Return all the data below as it stands, minus the pictures.
================
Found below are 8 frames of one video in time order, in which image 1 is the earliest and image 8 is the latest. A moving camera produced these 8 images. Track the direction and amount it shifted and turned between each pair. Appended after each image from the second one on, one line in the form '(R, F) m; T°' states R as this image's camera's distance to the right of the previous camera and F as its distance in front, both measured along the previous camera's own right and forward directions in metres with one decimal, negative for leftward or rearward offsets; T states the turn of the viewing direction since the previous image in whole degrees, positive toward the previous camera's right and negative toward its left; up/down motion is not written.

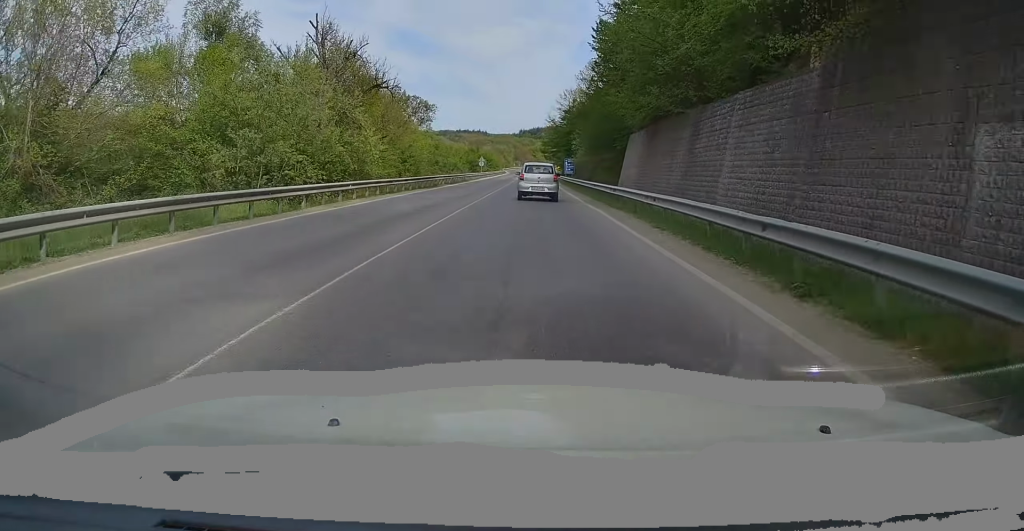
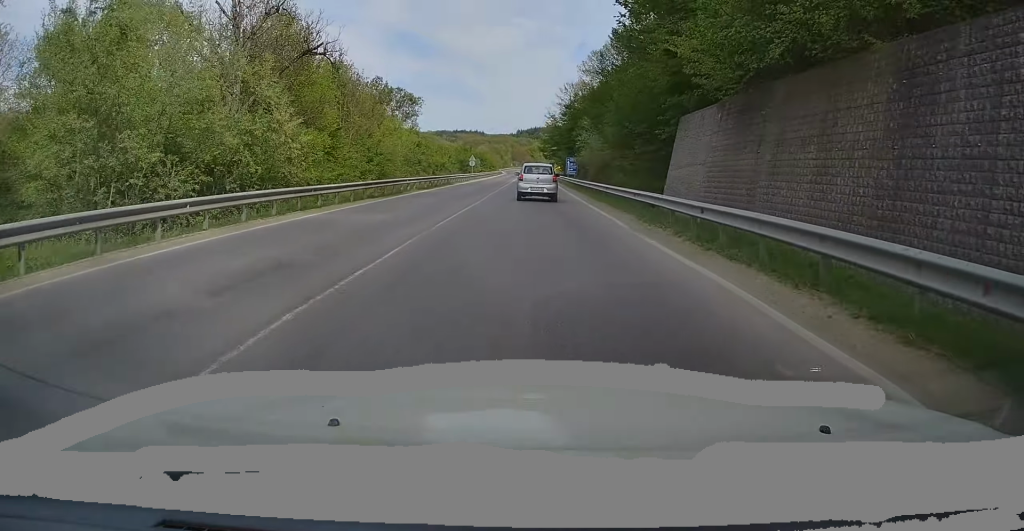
(-0.1, +12.6) m; 0°
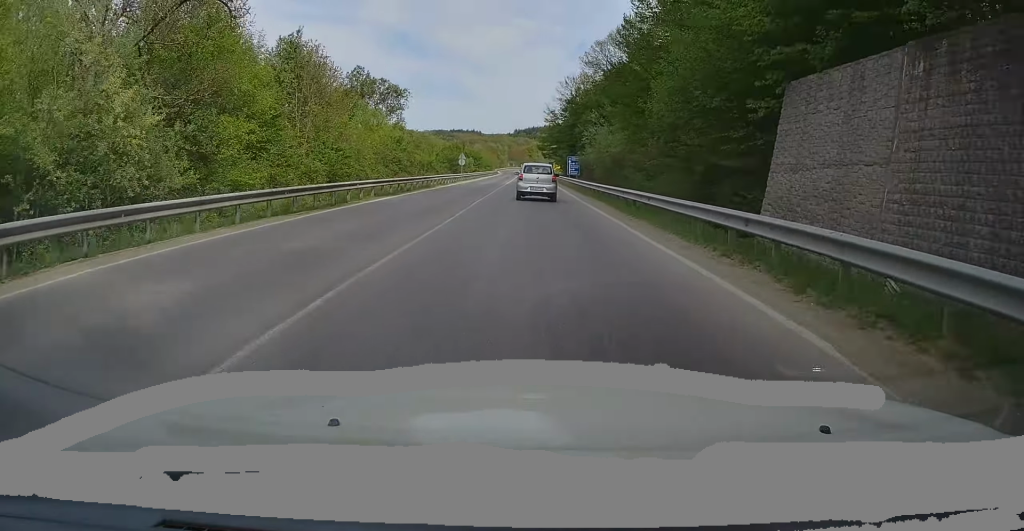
(0.0, +10.4) m; 0°
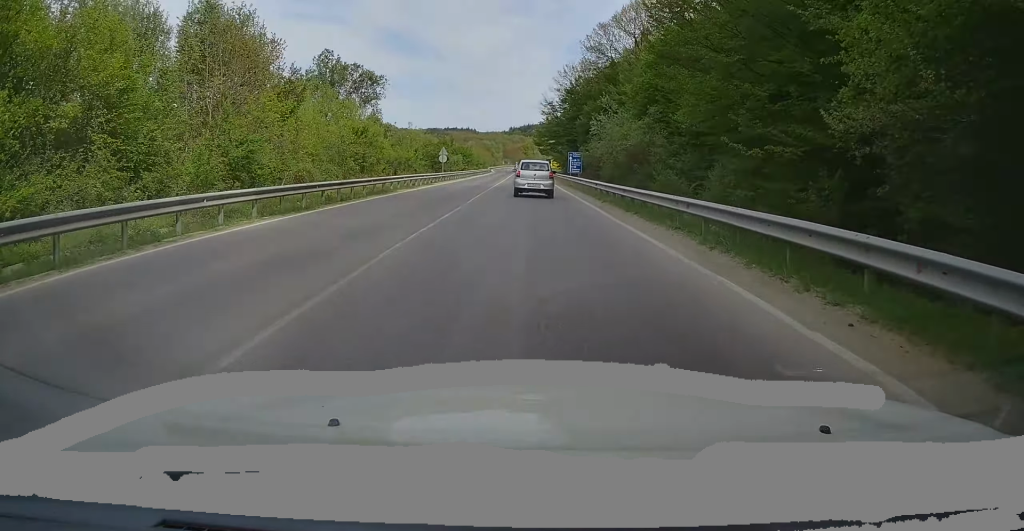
(0.0, +12.6) m; 0°
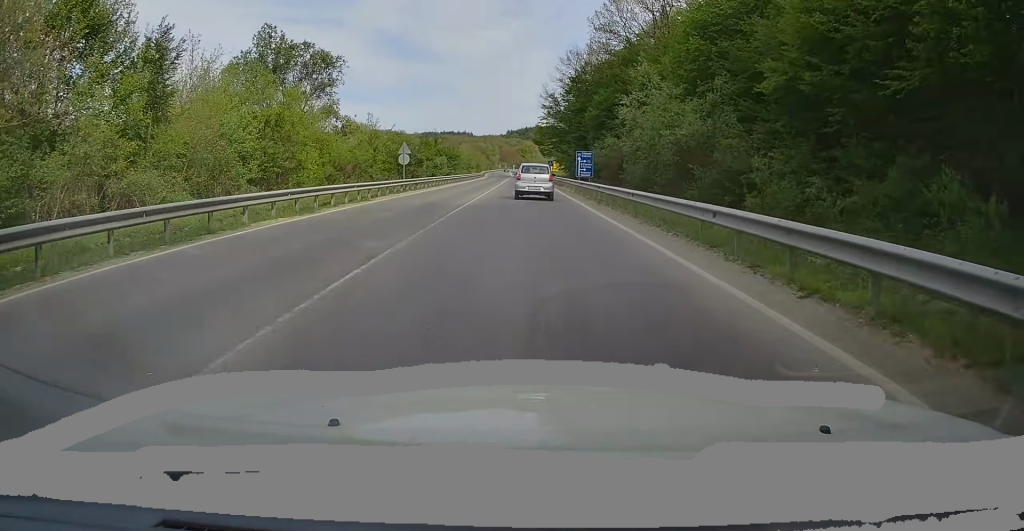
(0.0, +18.1) m; 0°
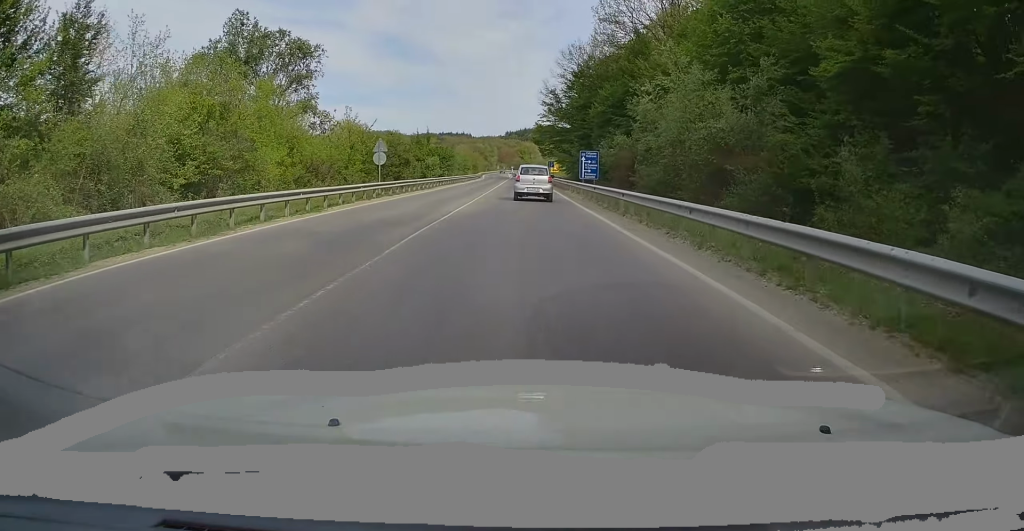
(0.0, +6.6) m; 0°
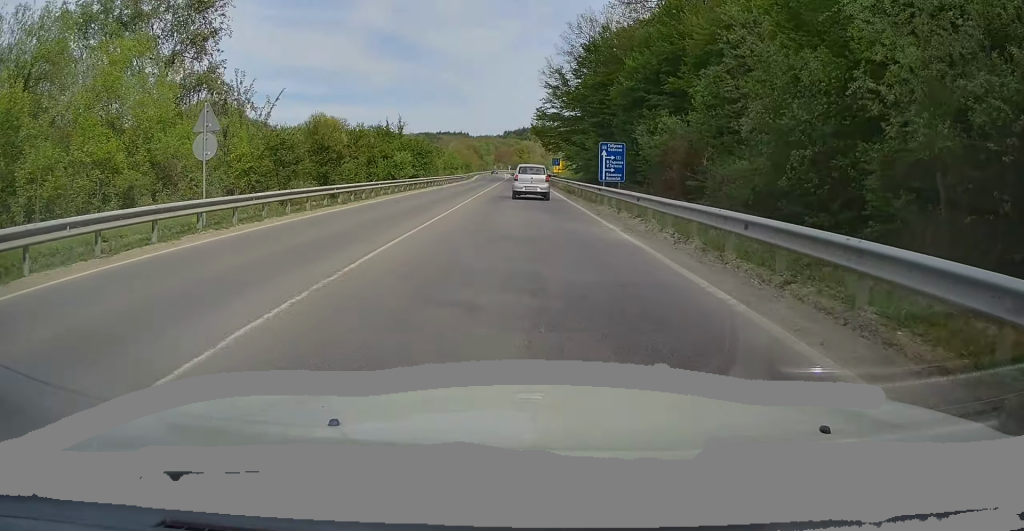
(+0.1, +19.2) m; +1°
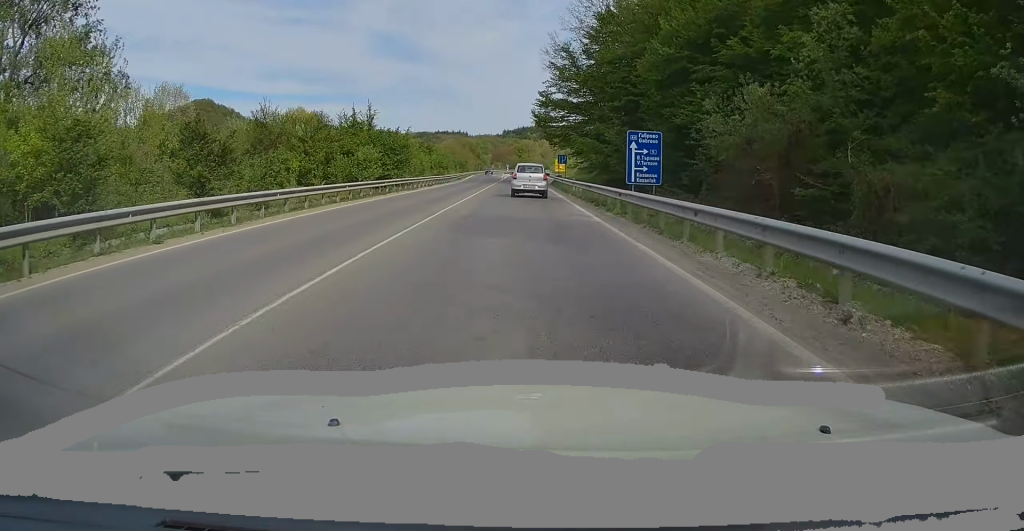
(+0.3, +13.9) m; 0°
================
RESPONSE BOX:
Found below are 8 frames of one video in time order, in which image 1 is the earliest and image 8 is the latest. A moving camera produced these 8 images. Track the direction and amount it shifted and turned between each pair. Appended after each image from the second one on, one line in the form '(R, F) m; T°' states R as this image's camera's distance to the right of the previous camera and F as its distance in front, both measured along the previous camera's own right and forward directions in metres with one decimal, negative for leftward or rearward offsets; T states the turn of the viewing direction since the previous image in whole degrees, positive toward the previous camera's right and negative toward its left; up/down motion is not written.

(-0.1, +12.6) m; 0°
(0.0, +10.4) m; 0°
(0.0, +12.6) m; 0°
(0.0, +18.1) m; 0°
(0.0, +6.6) m; 0°
(+0.1, +19.2) m; +1°
(+0.3, +13.9) m; 0°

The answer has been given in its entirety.